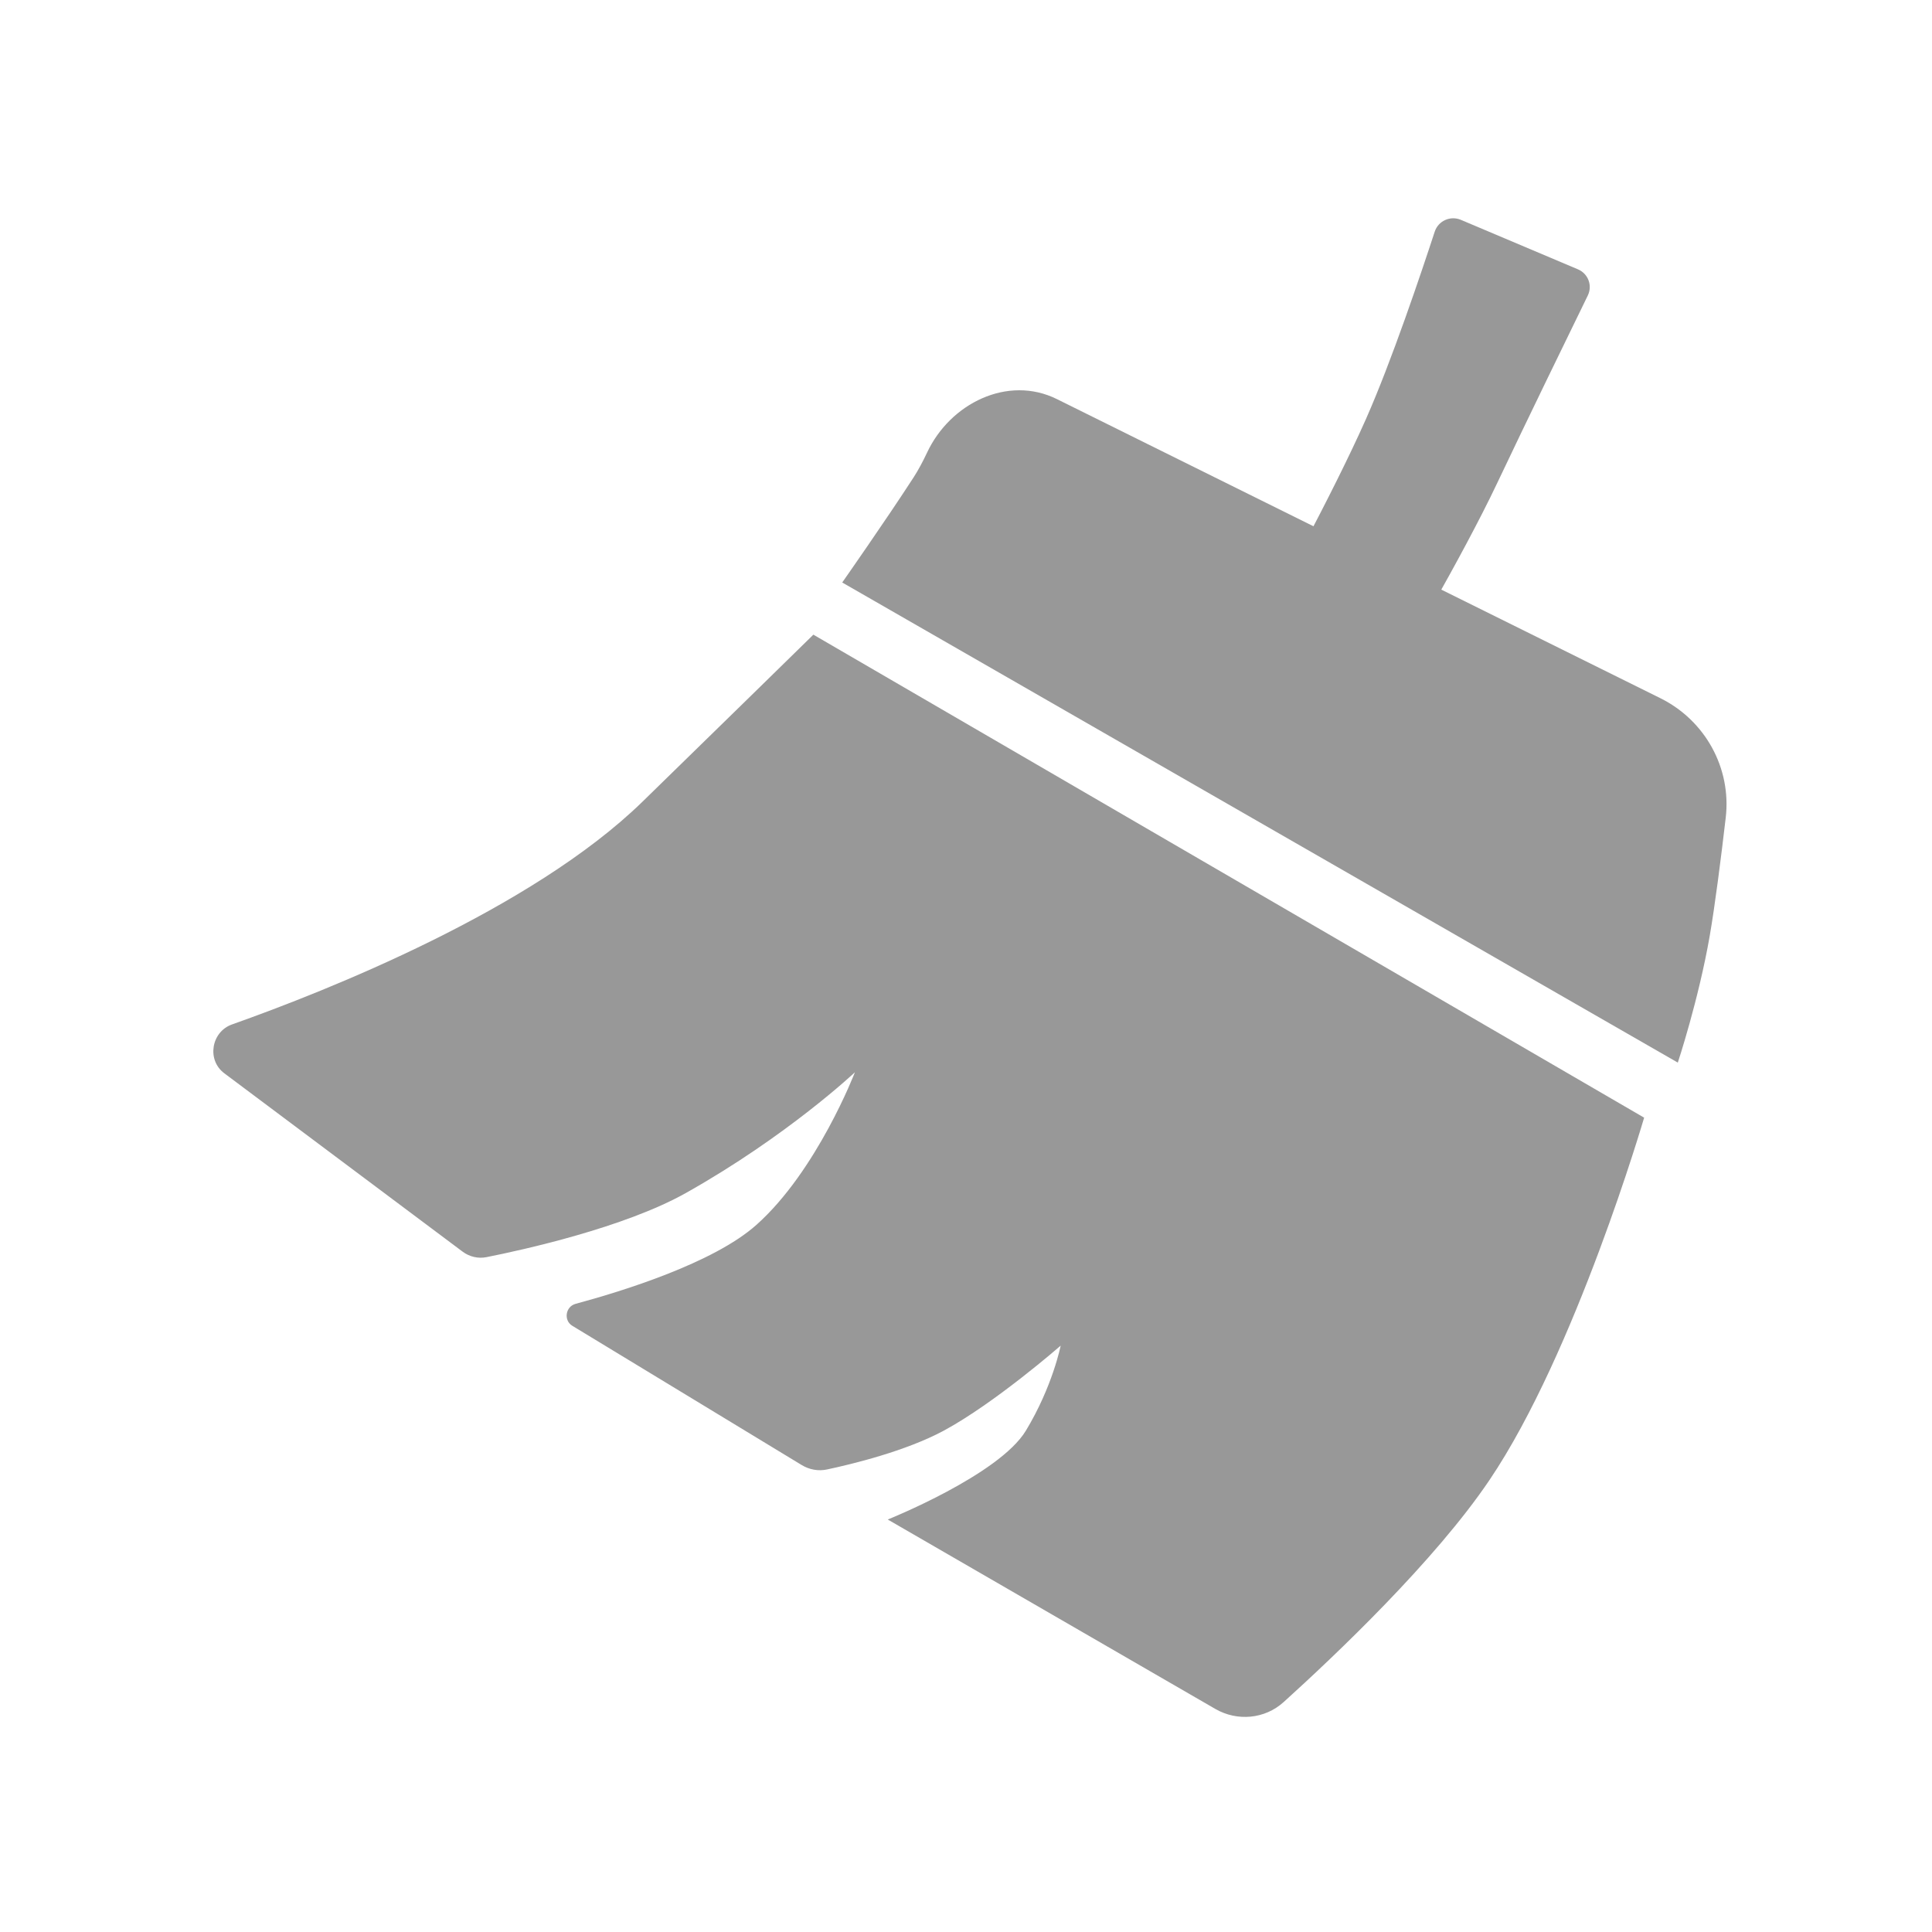 <svg width="30" height="30" viewBox="0 0 30 30" fill="none" xmlns="http://www.w3.org/2000/svg">
<path d="M21.667 10.401L19.727 9.425C19.727 9.425 20.685 7.692 21.209 6.51C21.607 5.614 22.076 4.216 22.278 3.598C22.333 3.43 22.52 3.345 22.683 3.413L24.502 4.182C24.661 4.249 24.731 4.434 24.655 4.589C24.366 5.181 23.69 6.568 23.249 7.5C22.697 8.666 21.667 10.401 21.667 10.401Z" fill="#989898"/>
<path d="M26.053 16.5L13.078 9.045C13.078 9.045 13.758 8.075 14.188 7.41C14.26 7.298 14.329 7.169 14.394 7.031C14.753 6.262 15.65 5.82 16.411 6.197L25.783 10.842C26.478 11.187 26.887 11.926 26.797 12.697C26.723 13.332 26.63 14.062 26.548 14.535C26.375 15.528 26.053 16.5 26.053 16.5Z" fill="#989898"/>
<path d="M12.63 9.855L25.53 17.355C25.53 17.355 24.466 21 23.13 22.98C22.282 24.238 20.725 25.713 19.932 26.43C19.64 26.694 19.212 26.733 18.871 26.536L13.785 23.595C13.785 23.595 15.514 22.903 15.93 22.215C16.346 21.527 16.47 20.895 16.47 20.895C16.47 20.895 15.449 21.787 14.655 22.215C14.063 22.534 13.227 22.736 12.841 22.818C12.705 22.847 12.565 22.82 12.447 22.748L8.887 20.587C8.748 20.503 8.781 20.288 8.937 20.246C9.654 20.053 11.079 19.614 11.745 19.02C12.687 18.181 13.275 16.65 13.275 16.65C13.275 16.65 12.225 17.64 10.65 18.525C9.694 19.062 8.114 19.41 7.554 19.521C7.424 19.547 7.29 19.515 7.184 19.436L3.483 16.666C3.207 16.46 3.28 16.021 3.604 15.907C5.074 15.386 8.253 14.127 9.975 12.45C10.912 11.538 12.63 9.855 12.63 9.855Z" fill="#989898"/>
</svg>

────────────────────

Your task:
Print the records again exactly, without the pictures.

Answer space:
 <svg width="30" height="30" viewBox="0 0 30 30" fill="none" xmlns="http://www.w3.org/2000/svg">
<path d="M21.667 10.401L19.727 9.425C19.727 9.425 20.685 7.692 21.209 6.51C21.607 5.614 22.076 4.216 22.278 3.598C22.333 3.43 22.52 3.345 22.683 3.413L24.502 4.182C24.661 4.249 24.731 4.434 24.655 4.589C24.366 5.181 23.69 6.568 23.249 7.5C22.697 8.666 21.667 10.401 21.667 10.401Z" fill="#989898"/>
<path d="M26.053 16.5L13.078 9.045C13.078 9.045 13.758 8.075 14.188 7.41C14.26 7.298 14.329 7.169 14.394 7.031C14.753 6.262 15.65 5.82 16.411 6.197L25.783 10.842C26.478 11.187 26.887 11.926 26.797 12.697C26.723 13.332 26.63 14.062 26.548 14.535C26.375 15.528 26.053 16.5 26.053 16.5Z" fill="#989898"/>
<path d="M12.63 9.855L25.53 17.355C25.53 17.355 24.466 21 23.13 22.98C22.282 24.238 20.725 25.713 19.932 26.43C19.64 26.694 19.212 26.733 18.871 26.536L13.785 23.595C13.785 23.595 15.514 22.903 15.93 22.215C16.346 21.527 16.47 20.895 16.47 20.895C16.47 20.895 15.449 21.787 14.655 22.215C14.063 22.534 13.227 22.736 12.841 22.818C12.705 22.847 12.565 22.82 12.447 22.748L8.887 20.587C8.748 20.503 8.781 20.288 8.937 20.246C9.654 20.053 11.079 19.614 11.745 19.02C12.687 18.181 13.275 16.65 13.275 16.65C13.275 16.65 12.225 17.64 10.65 18.525C9.694 19.062 8.114 19.41 7.554 19.521C7.424 19.547 7.29 19.515 7.184 19.436L3.483 16.666C3.207 16.46 3.28 16.021 3.604 15.907C5.074 15.386 8.253 14.127 9.975 12.45C10.912 11.538 12.63 9.855 12.63 9.855Z" fill="#989898"/>
</svg>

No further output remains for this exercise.